As a proof-of-concept, I implemented this attack using Python, and the implementation is available on GitHub. Since this vulnerability is not fixed yet, my code can still download any book on Pubu at the time I'm writing this post. But before you execute my code to download the books, I have to warn you that doing this may be against the law. I implemented and published this code only to prove that this attack really works and to provide more details about this attack.

Disclosure and potential defenses

After I discovered this vulnerability, I reported it to HITCON ZeroDay, and they notified Pubu about this before they published this vulnerability. I also reached out to Pubu and ask them to fix this before I published my PoC implementation and this blog post. But right now, Pubu is still vulnerable and anyone can easily steal all the books on their site.

If I'm an engineer working for Pubu, I probably will do the followings:

  1. Limit access to the API server to book buyers only.
  2. Enforce authentication on CloudFront to prevent unauthorized access.
  3. Rename all the files on CloudFront and use a secure pseudo-random number generator to generate long and secure random filenames.

I hope Pubu will fix this in the near future.

Appendix: the real page ID

We already know that the page ID is increased by 17 when the page number is increased by 1, but we still don't know why it is 17 instead of other numbers. One possible explanation is that the page ID we see is the real page ID multiplied by 17. (For clarity, I will refer to the real page ID as the page ID, and the page ID we saw earlier as the fake ID from now on.) Therefore, when the page ID is increased by 1, the fake ID is increased by 17. I took this guess because the affine cipher works this way.

In the affine cipher, the result is added or subtracted by an offset after the multiplication, which can also happen in our case here. After the multiplication, the number may be further added or subtracted by some offset to generate the fake ID. To figure out this offset, we will need to rely on the error message that shows: "the pageId value must greater than zero", which we already saw when we were figuring out the translation rules.

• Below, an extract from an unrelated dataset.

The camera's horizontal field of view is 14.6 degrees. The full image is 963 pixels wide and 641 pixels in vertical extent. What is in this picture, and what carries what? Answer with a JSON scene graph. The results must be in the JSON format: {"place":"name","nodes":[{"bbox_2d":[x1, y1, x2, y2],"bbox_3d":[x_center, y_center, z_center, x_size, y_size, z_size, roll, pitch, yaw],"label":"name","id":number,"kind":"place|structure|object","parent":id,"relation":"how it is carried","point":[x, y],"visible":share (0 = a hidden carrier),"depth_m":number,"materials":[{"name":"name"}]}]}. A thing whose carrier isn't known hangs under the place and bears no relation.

When we query the fake ID from 000 to 021, the API server will respond with the error message: "the pageId value must greater than zero". However, when we request the fake ID 022, the response is an HTTP error code 403.

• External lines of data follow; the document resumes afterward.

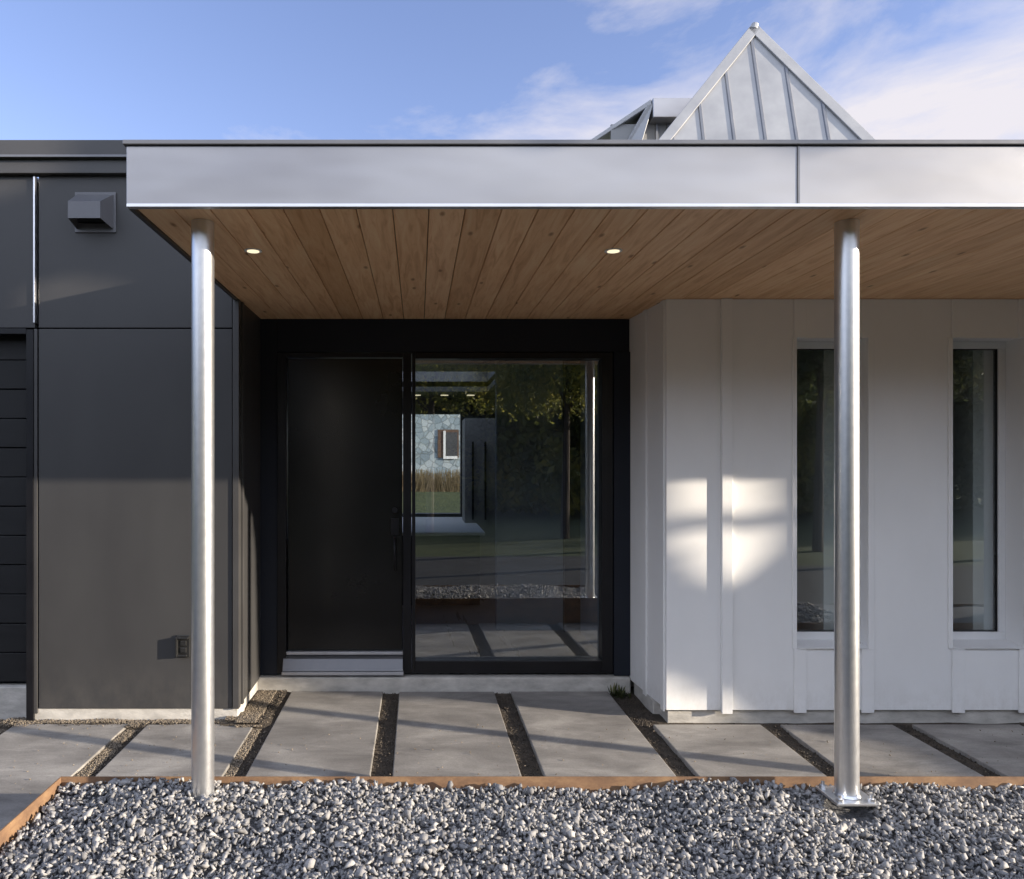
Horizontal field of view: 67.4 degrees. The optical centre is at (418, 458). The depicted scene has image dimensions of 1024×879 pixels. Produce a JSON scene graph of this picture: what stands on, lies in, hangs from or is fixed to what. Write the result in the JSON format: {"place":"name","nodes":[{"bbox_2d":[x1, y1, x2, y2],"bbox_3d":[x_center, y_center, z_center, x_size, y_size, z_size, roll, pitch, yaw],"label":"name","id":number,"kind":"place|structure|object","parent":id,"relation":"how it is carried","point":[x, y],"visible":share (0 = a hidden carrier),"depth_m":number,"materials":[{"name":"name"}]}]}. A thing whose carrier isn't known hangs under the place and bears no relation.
{"place":"outdoors","nodes":[
{"label":"outdoors","id":0,"kind":"place"},
{"bbox_2d":[402,491,459,512],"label":"grass bank","id":1,"kind":"structure","parent":0,"point":[437,502],"depth_m":22.20,"materials":[{"name":"green plant"}]},
{"bbox_2d":[402,469,459,491],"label":"dry grass","id":2,"kind":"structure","parent":0,"point":[425,481],"depth_m":25.77,"materials":[{"name":"beige plant"}]},
{"bbox_2d":[402,517,484,604],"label":"kitchen island","id":3,"kind":"structure","parent":0,"point":[447,560],"depth_m":8.60,"materials":[{"name":"white"}]},
{"bbox_2d":[0,776,1023,878],"bbox_3d":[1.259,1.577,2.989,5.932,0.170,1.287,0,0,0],"label":"gravel","id":4,"kind":"structure","parent":0,"point":[775,821],"depth_m":3.19,"materials":[{"name":"grey gravel"}]},
{"bbox_2d":[0,686,1023,793],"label":"soil","id":5,"kind":"structure","parent":0,"point":[659,718],"depth_m":4.97,"materials":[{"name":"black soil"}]},
{"bbox_2d":[0,724,127,829],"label":"paving slab","id":6,"kind":"structure","parent":5,"relation":"on","point":[55,757],"depth_m":4.55,"materials":[{"name":"concrete"}]},
{"bbox_2d":[96,724,252,775],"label":"paving slab","id":7,"kind":"structure","parent":5,"relation":"on","point":[152,759],"depth_m":4.60,"materials":[{"name":"concrete"}]},
{"bbox_2d":[246,691,382,775],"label":"paving slab","id":8,"kind":"structure","parent":5,"relation":"on","point":[313,719],"depth_m":4.86,"materials":[{"name":"concrete"}]},
{"bbox_2d":[392,692,520,775],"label":"paving slab","id":9,"kind":"structure","parent":5,"relation":"on","point":[423,718],"depth_m":4.85,"materials":[{"name":"concrete"}]},
{"bbox_2d":[511,691,675,775],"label":"paving slab","id":10,"kind":"structure","parent":5,"relation":"on","point":[580,747],"depth_m":4.86,"materials":[{"name":"concrete"}]},
{"bbox_2d":[608,683,631,698],"bbox_3d":[1.529,1.758,5.744,0.186,0.102,0.200,0,0,30],"label":"weed","id":11,"kind":"object","parent":5,"relation":"on","point":[619,692],"visible":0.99,"depth_m":5.75,"materials":[{"name":"green plant"}]},
{"bbox_2d":[653,725,825,775],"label":"paving slab","id":12,"kind":"structure","parent":5,"relation":"on","point":[715,753],"depth_m":4.62,"materials":[{"name":"concrete"}]},
{"bbox_2d":[780,725,982,775],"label":"paving slab","id":13,"kind":"structure","parent":5,"relation":"on","point":[907,757],"depth_m":4.60,"materials":[{"name":"concrete"}]},
{"bbox_2d":[912,724,1023,775],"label":"paving slab","id":14,"kind":"structure","parent":5,"relation":"on","point":[981,747],"depth_m":4.76,"materials":[{"name":"concrete"}]},
{"bbox_2d":[0,0,1023,178],"label":"sky","id":15,"kind":"structure","parent":0,"point":[70,69],"materials":[{"name":"blue"}]},
{"label":"lawn","id":16,"kind":"structure","parent":0,"visible":0},
{"bbox_2d":[402,415,459,480],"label":"neighbour house","id":17,"kind":"structure","parent":16,"relation":"on","point":[437,441],"depth_m":27.15,"materials":[{"name":"stone"}]},
{"bbox_2d":[438,430,458,458],"bbox_3d":[1.075,-0.521,27.114,0.750,1.050,0.068,0,0,0],"label":"window","id":18,"kind":"structure","parent":17,"relation":"in","point":[448,440],"depth_m":27.09,"materials":[{"name":"grey wood"}]},
{"bbox_2d":[0,22,1023,805],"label":"house","id":19,"kind":"structure","parent":16,"relation":"on","point":[728,356],"depth_m":5.15,"materials":[{"name":"metal"}]},
{"bbox_2d":[0,328,38,720],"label":"garage door","id":20,"kind":"structure","parent":19,"relation":"in","point":[19,347],"depth_m":5.25,"materials":[{"name":"paint"}]},
{"bbox_2d":[277,353,410,674],"bbox_3d":[-0.572,0.421,5.900,1.036,2.479,0.160,0,0,0],"label":"entry door","id":21,"kind":"structure","parent":19,"relation":"in","point":[339,415],"depth_m":5.92,"materials":[{"name":"black paint"}]},
{"bbox_2d":[462,418,494,587],"bbox_3d":[0.860,0.569,10.025,0.520,2.180,0.650,0,0,0],"label":"cabinet","id":22,"kind":"object","parent":19,"relation":"on","point":[478,471],"visible":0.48,"depth_m":9.75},
{"bbox_2d":[412,352,612,672],"bbox_3d":[0.730,0.418,5.925,1.556,2.483,0.110,0,0,0],"label":"picture window","id":23,"kind":"structure","parent":19,"relation":"in","point":[603,663],"depth_m":5.87,"materials":[{"name":"black metal"}]},
{"bbox_2d":[797,342,868,648],"bbox_3d":[2.807,0.233,5.240,0.482,2.102,0.220,0,0,0],"label":"narrow window","id":24,"kind":"structure","parent":19,"relation":"in","point":[806,639],"depth_m":5.30,"materials":[{"name":"paint"}]},
{"bbox_2d":[953,342,1023,648],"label":"narrow window","id":25,"kind":"structure","parent":19,"relation":"in","point":[995,638],"depth_m":5.30,"materials":[{"name":"paint"}]},
{"bbox_2d":[0,776,1023,852],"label":"steel edging","id":26,"kind":"object","parent":16,"relation":"on","point":[31,810],"visible":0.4,"depth_m":3.62,"materials":[{"name":"brown metal"}]}
]}

Fake ID 021 is not greater than zero.
Fig. 8: Fake ID 021 is not greater than zero.
Fake ID 022 is greater than zero.
Fig. 9: Fake ID 022 is greater than zero.

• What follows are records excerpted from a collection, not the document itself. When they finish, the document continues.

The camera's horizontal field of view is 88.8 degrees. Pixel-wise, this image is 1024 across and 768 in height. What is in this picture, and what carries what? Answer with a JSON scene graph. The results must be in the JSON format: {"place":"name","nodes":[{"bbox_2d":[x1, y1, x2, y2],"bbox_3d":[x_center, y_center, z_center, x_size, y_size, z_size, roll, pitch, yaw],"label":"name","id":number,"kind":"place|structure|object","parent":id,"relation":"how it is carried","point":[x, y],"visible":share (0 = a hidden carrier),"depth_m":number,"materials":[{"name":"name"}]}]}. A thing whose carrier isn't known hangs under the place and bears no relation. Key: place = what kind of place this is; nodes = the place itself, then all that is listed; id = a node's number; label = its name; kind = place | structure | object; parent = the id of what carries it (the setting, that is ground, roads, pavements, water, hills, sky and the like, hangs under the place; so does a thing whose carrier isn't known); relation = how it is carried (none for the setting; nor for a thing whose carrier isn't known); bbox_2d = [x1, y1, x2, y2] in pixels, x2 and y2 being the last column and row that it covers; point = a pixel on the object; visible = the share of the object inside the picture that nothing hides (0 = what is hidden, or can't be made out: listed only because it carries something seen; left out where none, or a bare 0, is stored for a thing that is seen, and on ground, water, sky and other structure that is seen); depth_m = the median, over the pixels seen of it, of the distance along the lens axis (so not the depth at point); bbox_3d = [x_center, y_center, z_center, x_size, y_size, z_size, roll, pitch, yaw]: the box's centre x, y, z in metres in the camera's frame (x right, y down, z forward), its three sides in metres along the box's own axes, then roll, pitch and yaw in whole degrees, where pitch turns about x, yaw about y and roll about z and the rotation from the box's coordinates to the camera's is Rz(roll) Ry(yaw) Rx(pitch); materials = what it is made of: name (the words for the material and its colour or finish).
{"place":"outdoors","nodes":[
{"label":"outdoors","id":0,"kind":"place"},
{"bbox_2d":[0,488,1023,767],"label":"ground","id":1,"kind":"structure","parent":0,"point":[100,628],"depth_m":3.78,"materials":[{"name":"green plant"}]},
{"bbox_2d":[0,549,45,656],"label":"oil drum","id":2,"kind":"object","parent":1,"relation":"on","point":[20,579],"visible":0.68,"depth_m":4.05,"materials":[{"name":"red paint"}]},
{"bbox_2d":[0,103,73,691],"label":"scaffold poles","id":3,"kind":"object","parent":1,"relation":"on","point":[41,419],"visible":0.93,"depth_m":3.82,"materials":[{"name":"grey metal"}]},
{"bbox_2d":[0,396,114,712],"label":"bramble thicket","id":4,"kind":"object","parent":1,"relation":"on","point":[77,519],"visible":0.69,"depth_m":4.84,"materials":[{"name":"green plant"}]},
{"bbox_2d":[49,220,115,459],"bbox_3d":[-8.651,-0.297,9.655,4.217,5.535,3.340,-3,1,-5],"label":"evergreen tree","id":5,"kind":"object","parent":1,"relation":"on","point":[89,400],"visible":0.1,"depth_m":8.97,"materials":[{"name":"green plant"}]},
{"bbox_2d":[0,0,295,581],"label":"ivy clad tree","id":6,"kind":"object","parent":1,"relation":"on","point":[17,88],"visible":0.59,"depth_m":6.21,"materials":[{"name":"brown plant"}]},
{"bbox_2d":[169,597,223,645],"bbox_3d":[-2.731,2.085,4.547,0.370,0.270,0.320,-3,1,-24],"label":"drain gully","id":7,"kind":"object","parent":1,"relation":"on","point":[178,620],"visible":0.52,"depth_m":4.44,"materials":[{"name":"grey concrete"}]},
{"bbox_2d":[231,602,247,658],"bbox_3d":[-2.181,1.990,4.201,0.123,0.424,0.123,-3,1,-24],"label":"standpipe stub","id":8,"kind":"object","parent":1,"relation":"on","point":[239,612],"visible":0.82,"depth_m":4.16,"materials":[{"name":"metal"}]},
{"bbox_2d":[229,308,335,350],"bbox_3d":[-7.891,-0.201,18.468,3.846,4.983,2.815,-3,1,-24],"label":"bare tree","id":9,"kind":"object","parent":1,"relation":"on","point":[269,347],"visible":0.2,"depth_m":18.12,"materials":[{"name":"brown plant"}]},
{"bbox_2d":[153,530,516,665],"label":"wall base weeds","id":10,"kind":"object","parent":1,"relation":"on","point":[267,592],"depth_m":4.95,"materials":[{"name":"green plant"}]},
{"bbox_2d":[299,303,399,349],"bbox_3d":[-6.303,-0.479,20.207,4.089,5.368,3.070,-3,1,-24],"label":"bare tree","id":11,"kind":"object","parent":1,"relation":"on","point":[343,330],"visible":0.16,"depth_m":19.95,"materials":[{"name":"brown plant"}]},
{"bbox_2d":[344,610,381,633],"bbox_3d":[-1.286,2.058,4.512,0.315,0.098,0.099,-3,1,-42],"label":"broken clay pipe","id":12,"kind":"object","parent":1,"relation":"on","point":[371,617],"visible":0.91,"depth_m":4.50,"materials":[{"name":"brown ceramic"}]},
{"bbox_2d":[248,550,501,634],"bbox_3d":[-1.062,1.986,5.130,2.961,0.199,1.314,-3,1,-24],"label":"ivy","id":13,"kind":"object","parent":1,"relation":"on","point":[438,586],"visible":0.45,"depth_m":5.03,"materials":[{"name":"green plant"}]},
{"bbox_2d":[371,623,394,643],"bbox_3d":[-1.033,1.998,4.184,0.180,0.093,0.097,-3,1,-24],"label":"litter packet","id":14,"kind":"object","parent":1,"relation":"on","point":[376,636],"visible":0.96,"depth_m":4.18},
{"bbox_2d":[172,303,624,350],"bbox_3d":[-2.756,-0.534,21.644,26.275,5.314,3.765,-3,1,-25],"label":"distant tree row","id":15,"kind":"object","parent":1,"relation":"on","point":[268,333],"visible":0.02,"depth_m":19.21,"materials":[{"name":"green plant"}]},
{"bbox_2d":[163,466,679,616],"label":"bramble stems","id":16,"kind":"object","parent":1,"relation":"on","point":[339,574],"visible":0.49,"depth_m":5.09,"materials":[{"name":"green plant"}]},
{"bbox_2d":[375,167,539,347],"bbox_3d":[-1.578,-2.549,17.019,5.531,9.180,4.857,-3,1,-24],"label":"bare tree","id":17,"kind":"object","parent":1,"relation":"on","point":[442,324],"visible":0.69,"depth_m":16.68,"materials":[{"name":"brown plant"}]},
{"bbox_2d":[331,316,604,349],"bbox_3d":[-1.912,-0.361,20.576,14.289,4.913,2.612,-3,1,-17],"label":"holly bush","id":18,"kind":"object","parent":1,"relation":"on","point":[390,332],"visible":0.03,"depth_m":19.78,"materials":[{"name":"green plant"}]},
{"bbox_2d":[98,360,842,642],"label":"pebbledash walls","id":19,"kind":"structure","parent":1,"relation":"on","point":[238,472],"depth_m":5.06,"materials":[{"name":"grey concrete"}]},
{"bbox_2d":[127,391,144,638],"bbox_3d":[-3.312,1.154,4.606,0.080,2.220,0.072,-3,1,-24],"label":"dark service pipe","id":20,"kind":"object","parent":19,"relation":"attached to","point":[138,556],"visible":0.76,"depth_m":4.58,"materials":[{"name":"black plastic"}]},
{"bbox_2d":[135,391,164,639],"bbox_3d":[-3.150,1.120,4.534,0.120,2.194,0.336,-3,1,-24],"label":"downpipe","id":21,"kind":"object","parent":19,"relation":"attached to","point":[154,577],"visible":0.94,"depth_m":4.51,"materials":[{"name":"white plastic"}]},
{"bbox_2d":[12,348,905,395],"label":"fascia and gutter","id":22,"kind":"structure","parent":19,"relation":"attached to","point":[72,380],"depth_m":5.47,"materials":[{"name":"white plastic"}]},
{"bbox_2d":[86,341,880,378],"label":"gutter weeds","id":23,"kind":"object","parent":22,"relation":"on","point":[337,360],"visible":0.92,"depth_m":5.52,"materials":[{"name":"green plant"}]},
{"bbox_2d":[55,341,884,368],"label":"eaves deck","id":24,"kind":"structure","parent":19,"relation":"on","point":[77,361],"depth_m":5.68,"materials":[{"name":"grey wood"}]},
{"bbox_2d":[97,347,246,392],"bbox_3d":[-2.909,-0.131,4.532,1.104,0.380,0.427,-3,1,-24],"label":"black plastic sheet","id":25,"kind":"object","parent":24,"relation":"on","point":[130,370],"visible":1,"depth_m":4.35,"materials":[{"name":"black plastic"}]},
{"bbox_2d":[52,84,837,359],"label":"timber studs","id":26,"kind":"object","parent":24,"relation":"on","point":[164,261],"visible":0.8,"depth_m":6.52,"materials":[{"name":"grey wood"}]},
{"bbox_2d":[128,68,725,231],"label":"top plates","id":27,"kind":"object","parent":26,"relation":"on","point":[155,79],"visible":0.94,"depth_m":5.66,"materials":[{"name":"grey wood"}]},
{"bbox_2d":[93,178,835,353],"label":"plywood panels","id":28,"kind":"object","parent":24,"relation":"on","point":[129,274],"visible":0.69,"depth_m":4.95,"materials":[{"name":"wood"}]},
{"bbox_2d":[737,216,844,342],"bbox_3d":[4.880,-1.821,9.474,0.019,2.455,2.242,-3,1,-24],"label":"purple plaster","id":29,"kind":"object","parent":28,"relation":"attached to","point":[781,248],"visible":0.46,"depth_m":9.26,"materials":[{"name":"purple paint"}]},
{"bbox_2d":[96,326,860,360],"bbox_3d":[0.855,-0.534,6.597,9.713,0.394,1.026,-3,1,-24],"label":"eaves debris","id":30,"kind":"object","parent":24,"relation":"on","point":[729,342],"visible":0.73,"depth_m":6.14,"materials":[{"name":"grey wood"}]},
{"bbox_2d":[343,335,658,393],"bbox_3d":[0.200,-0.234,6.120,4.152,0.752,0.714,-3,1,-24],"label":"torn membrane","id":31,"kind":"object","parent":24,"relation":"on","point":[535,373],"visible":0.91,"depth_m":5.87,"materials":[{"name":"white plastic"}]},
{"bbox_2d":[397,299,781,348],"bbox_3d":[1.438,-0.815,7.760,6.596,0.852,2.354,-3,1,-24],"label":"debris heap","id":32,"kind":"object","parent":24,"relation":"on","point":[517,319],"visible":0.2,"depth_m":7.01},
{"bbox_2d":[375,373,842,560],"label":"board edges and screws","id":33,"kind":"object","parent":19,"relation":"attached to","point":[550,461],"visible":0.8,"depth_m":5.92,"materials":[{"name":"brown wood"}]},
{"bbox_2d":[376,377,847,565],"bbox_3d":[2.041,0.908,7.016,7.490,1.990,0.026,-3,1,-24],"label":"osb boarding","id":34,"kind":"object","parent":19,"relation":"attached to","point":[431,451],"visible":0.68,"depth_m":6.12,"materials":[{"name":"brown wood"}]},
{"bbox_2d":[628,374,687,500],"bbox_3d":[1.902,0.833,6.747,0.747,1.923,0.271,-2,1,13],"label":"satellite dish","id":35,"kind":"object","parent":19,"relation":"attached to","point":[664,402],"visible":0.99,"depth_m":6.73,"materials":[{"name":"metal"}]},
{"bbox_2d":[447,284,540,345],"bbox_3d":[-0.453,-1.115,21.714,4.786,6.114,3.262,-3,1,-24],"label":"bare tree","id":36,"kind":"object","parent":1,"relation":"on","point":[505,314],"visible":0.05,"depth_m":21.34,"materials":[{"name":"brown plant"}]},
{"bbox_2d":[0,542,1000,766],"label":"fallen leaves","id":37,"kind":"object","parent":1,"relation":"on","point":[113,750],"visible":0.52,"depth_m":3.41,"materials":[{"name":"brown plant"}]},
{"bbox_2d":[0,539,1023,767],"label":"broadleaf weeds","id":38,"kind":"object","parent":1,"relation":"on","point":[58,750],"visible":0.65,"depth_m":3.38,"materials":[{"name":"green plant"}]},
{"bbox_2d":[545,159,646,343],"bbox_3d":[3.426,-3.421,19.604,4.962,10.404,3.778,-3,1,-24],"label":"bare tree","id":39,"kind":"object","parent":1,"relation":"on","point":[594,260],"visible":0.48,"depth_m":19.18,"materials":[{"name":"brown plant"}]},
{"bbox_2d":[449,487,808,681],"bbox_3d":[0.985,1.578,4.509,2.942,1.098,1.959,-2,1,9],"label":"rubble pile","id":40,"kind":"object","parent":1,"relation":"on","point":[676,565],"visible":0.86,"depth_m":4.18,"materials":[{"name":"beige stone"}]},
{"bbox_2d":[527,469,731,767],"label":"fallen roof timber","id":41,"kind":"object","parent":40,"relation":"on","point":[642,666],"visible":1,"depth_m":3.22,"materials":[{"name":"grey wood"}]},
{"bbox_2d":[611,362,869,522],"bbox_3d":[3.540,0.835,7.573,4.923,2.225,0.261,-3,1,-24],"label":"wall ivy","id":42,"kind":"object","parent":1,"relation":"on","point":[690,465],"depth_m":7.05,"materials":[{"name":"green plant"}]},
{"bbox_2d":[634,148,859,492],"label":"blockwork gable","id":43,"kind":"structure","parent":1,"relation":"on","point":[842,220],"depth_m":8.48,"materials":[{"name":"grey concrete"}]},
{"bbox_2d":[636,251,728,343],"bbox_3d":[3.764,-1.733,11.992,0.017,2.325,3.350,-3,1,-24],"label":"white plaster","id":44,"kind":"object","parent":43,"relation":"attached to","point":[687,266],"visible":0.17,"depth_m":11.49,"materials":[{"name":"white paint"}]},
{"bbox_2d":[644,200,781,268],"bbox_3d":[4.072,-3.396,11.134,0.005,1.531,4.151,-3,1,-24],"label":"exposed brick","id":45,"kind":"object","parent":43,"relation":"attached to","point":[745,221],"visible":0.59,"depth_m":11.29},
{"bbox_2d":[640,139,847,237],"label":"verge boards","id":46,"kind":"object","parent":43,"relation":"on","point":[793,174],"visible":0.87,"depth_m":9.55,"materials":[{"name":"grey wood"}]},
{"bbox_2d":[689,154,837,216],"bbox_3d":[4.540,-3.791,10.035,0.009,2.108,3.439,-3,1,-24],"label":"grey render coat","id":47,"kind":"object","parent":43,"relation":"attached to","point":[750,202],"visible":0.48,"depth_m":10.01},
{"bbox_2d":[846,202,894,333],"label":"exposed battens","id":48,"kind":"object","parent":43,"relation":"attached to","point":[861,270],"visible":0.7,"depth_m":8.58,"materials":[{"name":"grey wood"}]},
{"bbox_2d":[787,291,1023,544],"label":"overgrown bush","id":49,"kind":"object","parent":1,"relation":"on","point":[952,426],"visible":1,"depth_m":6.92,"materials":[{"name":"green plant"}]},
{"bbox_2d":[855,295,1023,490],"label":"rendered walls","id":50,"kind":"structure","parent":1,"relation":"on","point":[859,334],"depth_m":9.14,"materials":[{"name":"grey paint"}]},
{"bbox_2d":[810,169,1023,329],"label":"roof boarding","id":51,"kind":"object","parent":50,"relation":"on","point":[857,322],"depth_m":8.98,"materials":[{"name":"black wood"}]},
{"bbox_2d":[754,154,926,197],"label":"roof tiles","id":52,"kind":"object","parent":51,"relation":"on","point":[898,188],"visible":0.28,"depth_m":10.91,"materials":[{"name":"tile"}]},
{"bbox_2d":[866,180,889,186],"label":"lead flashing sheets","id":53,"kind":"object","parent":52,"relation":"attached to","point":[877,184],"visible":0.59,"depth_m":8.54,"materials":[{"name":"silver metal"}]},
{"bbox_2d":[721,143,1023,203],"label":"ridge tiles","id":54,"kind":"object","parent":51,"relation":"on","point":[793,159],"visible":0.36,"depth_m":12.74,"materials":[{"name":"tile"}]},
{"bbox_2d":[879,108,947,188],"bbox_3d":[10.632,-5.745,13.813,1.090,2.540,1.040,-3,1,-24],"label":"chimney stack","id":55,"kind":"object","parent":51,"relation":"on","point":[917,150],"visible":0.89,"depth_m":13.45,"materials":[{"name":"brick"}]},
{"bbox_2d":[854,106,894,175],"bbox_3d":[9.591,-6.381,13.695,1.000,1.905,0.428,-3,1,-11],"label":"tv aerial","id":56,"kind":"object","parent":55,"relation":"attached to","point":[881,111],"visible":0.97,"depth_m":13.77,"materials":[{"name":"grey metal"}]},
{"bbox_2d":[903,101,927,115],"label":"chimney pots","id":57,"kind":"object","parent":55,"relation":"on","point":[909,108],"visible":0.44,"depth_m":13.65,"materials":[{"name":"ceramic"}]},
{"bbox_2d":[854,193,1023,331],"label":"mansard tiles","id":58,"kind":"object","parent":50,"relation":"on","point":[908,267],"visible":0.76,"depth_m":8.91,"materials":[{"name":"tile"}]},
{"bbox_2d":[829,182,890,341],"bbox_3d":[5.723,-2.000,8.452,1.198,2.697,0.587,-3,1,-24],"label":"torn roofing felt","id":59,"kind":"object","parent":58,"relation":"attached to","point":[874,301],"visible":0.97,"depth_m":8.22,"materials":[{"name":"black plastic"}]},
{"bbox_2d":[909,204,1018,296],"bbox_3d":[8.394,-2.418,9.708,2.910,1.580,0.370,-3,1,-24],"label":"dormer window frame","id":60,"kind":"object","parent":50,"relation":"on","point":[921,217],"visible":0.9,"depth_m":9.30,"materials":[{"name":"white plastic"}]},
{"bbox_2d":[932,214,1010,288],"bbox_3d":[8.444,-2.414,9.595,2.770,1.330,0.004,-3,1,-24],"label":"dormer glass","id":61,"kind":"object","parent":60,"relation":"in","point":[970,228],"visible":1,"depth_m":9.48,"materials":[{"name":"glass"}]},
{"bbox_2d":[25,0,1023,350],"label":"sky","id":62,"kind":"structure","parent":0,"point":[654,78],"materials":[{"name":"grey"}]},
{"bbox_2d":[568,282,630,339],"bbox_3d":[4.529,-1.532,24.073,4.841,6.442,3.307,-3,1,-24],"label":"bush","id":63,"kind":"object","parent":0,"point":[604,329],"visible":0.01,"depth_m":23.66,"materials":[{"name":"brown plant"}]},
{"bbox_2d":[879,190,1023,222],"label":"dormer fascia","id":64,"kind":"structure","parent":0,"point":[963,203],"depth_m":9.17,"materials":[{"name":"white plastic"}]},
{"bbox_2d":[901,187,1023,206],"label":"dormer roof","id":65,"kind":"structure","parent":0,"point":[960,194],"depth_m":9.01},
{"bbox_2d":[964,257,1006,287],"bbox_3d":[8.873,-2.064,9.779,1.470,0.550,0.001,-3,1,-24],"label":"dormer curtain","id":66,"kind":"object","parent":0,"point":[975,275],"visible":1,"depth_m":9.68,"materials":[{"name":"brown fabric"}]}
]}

From this result, we can see that page ID 1 is converted to 022, so the offset is 5. This means that the fake ID is the real page ID multiplied by 17 and then added by 5.

If you are not convinced by this simple experiment, keep reading.

Normally, the API server will treat the query as the fake ID of a page. However, I discovered that the API server will treat the query as the real page ID when the input of the query is less than 10000. Using this behavior, we can verify our calculation by:

  1. Query a page using the real page ID, say 3414.
  2. Convert the real page ID to a fake ID and query again.

If both the queries end up to be the same page, then our calculation must be correct.

When we query using the real page ID 3414, the API server will respond with the following page:

The response from the API server for page 3414.
Fig. 10: The response from the API server for page 3414.

Let's now convert 3414 to a fake ID. First, we multiply it by 17 and add it by 5, and the result will be 58043. After that, we move the first two digits (58) to the back, and now we have 04358. Finally, we translate the digits and add some redundant zeros into it, which will generate 0302090704. Let's see the response from the API server:

The response from the API server for the fake ID 0302090704.
Fig. 11: The response from the API server for the fake ID 0302090704.

The response matches with the query using the real page ID 3414, and this proves that our calculation is correct.